(Records shown Opens)
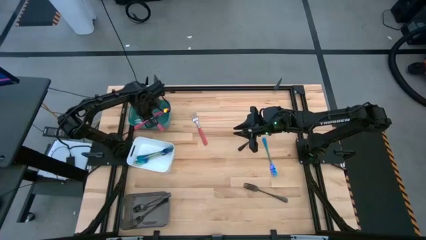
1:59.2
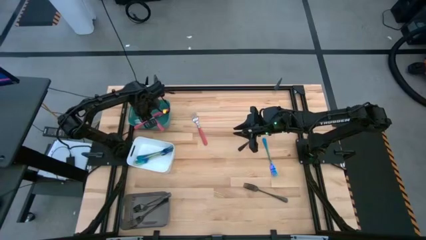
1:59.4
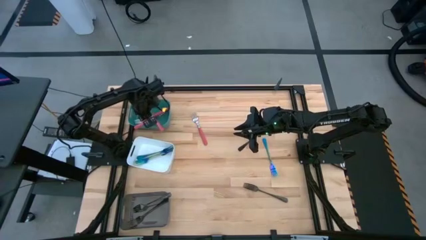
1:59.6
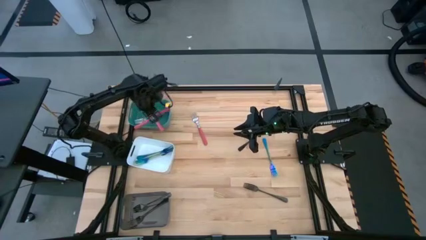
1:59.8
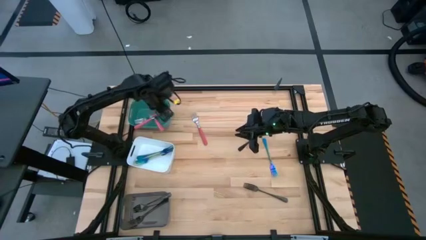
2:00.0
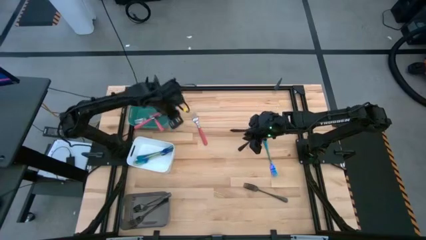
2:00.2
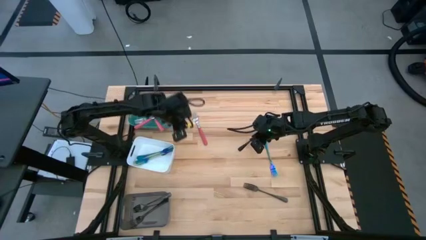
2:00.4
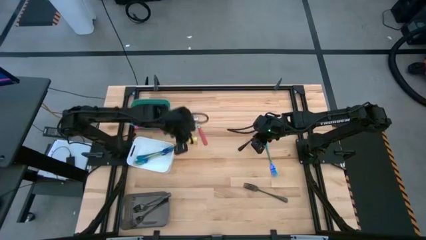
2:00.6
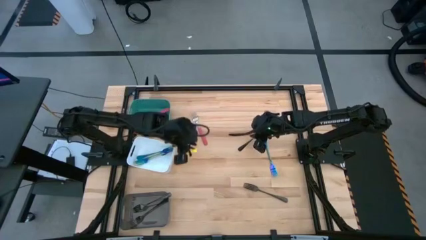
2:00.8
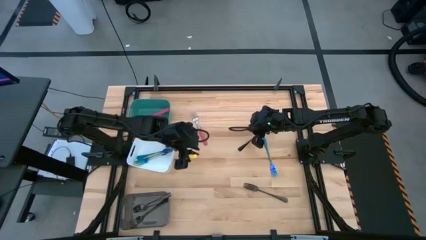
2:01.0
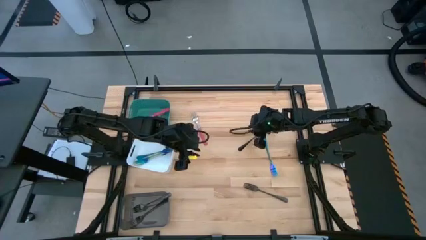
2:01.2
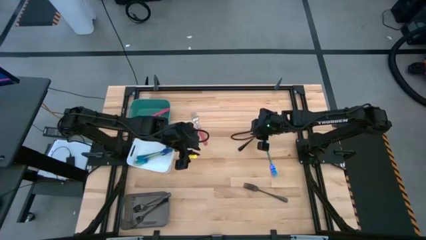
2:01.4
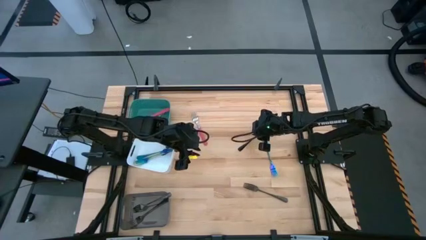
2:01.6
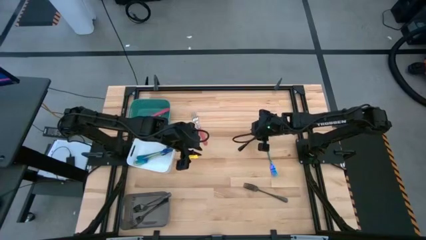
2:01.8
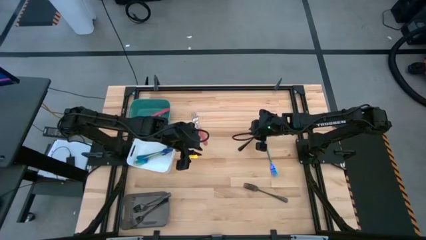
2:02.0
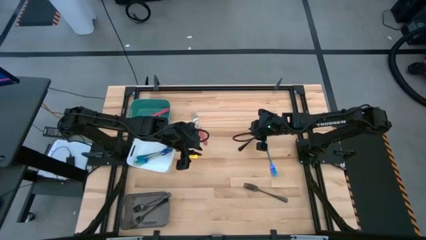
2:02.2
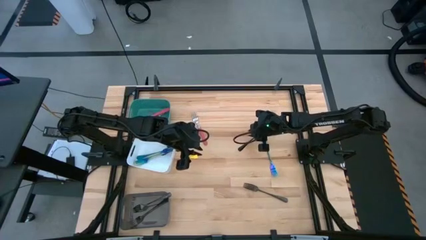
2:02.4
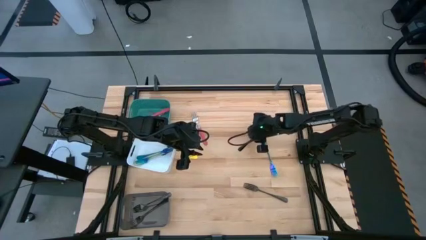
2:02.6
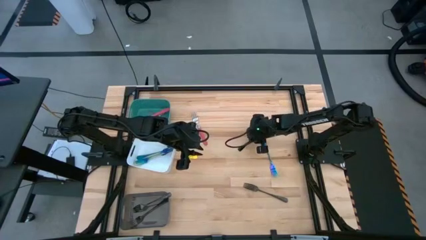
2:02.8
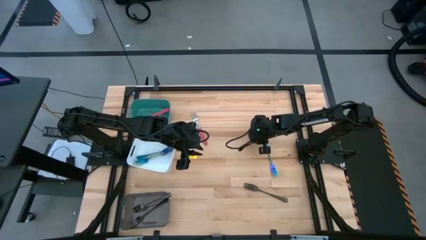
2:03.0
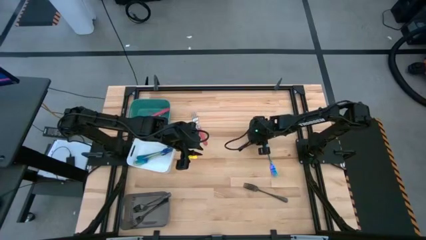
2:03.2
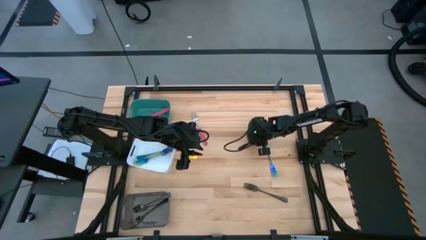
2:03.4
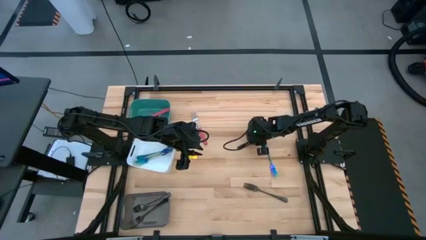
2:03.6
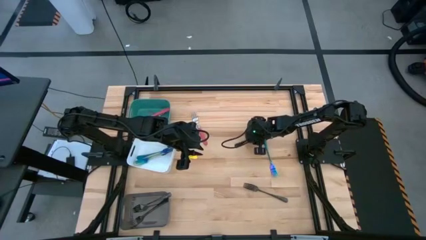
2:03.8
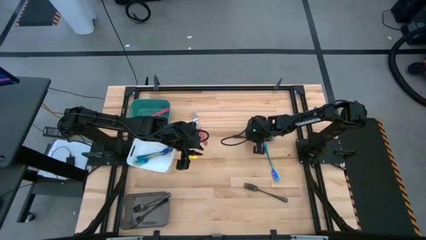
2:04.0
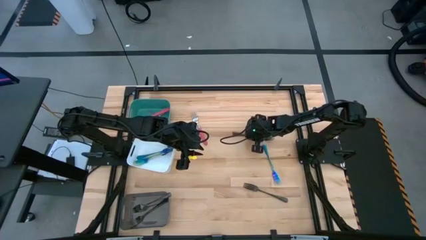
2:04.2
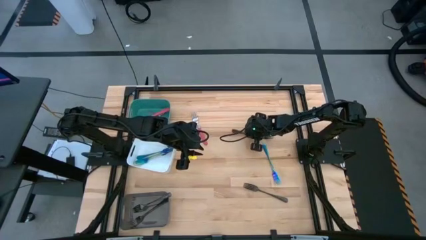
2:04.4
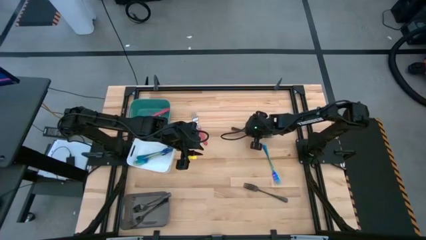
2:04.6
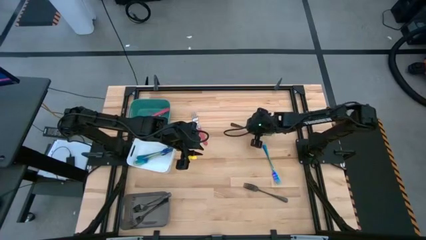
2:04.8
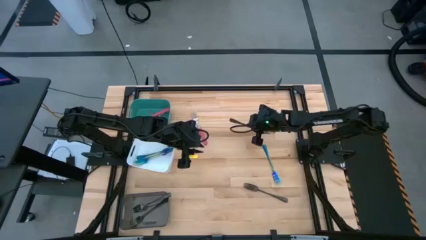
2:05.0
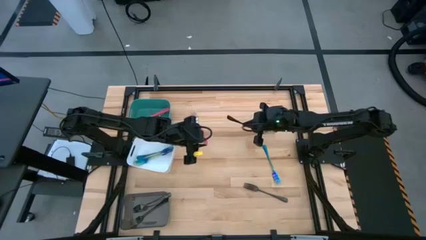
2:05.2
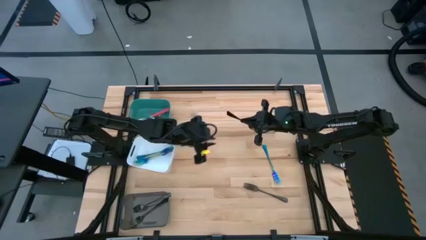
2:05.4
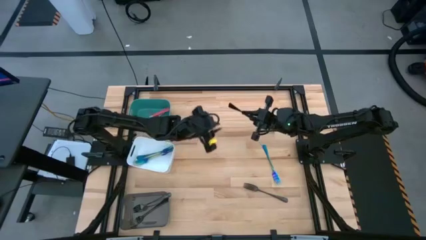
(Records shown Closes)
What the exercise asks => Transcribe the data word for word, with no images.

Reply to the task =>
1:59.2
1:59.4
1:59.6
1:59.8
2:00.0
2:00.2
2:00.4
2:00.6
2:00.8
2:01.0
2:01.2
2:01.4
2:01.6
2:01.8
2:02.0
2:02.2
2:02.4
2:02.6
2:02.8
2:03.0
2:03.2
2:03.4
2:03.6
2:03.8
2:04.0
2:04.2
2:04.4
2:04.6
2:04.8
2:05.0
2:05.2
2:05.4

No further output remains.